We concluded  in our own heart  that in fact, he saw badly at night, and that the practice of the freeway was for him so new that he still did not get used to going so fast, in his yet modern Mazda of the fleet of a company local tourism.

In calm traffic, our friend's average speed on these roads was such  that we weren't even taking a risk when he let go of the steering wheel to join his two hands in prayer, crossing  a  Buddhist altar.

Sometimes with our agreement he would stop to go  make a very modest offering or make a devotion of a few minutes.

On the other hand, on the highway, all new (E01 opened in 2014 between Colombo and Matara) and which offers  2 lanes on each side,  our patience was strained.

For a speed limited to 100 km / h, very carefully it never exceeded  80 km / h, oscillating like a breath between 75 and 85  ; except one evening when, in a hurry to get back to the hotel before the restaurant closed at 10pm, we ordered him to speed up;  there, record broken, we came close to 95 km / h !!!

notre vénérable chauffeur au Sri Lanka

But the worst is his second phobia, driving on the highway.

On the right lane (let us remember, the slow lane here is the left lane), he began by moving slowly to the level of the right rear of the vehicle to be overtaken; with all the more care as it was bulky.

Then he tried to fit in  in what seemed to him a  goulet, a  funnel between the central slide and the right edge of the machine to be passed.

For long minutes, he tried laboriously to initiate the doubling. Tempt is the word, he hesitated so much on several occasions.

Then finally, after a few successful attempts,  deliverance came, after a longer time  that his speed exceeded  barely that of the vehicle to be overtaken ...

Until the ordeal of the next doubling.

In the inevitably nocturnal part of the journey, he positioned himself comfortably on horseback between the two lanes, or far enough off the slow lane (the one on the left). There, he suffered without flinching the  calls of headlights and untimely blasts of horns from the drivers ... normal, touched by certain buses or heavy goods vehicles whose wake so close made our car wobble  in the  doubling sharply.

The use of low beams seemed to him just as unknown: always or almost full headlights.

But considerate and discreet, little talkative, he watched over his burden of tourists, swinging his head sideways like the Siamese dancers to signify his disagreement, when we happened to take  a little  freedom from its indications.

Hats off to this endearing "artist", all inhabited by an intense inner fervor, that of his philosophy-religion. We send him a very cordial hello !!

Dispensaire pour jeunes éléphants

Sri Lanka,

a dispensary for young elephants in Pinnawela

It is with him that, 30 km as the crow flies west of Kandy, at breakfast time, we finally reach the banks of a vast river in the middle of coconut palms: a dispensary, also called orphanage for young elephants in Pinnawela .

Just before the arrival of these animals.

All still young, some smaller and in bad shape, their heads bristling with down, sometimes abandoned by their parents and  collected here, they are  advertisement  by a kind of trumpet and are framed  by mahouts in green uniforms.

And here are the large animals which come, at the foot of the terrace of a hotel restaurant, to take with relish their first bath of the day in the water of the Oya river, which in places is a little torrential.

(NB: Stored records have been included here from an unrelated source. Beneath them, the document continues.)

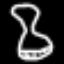
Label: hourglass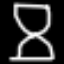
Label: hourglass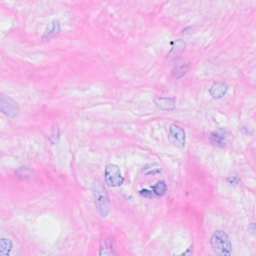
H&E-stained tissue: Breast

A real treat to see them lie down in the water, looking for the jet that the staff sends them with a pump, spraying each other with their trunk.

Higher up, a sign praises the recycling of elephant dung; large balls of thick fibers which reflect their herbivorous diet. They've been making paper and other miscellaneous products there since 1997.

douche d'éléphants dans la rivière Oya, Sri Lanka

While previously, a young couple comes to pose in traditional costume to mark their recent marriage in this context.

pose photo pour des mariés sri lankais à Pinnawela

In the neighborhood, we can see, under a kind of large courtyard, the perimeter of which is surrounded by very sturdy bars.  metal fixed  to poles, to feeding young elephants.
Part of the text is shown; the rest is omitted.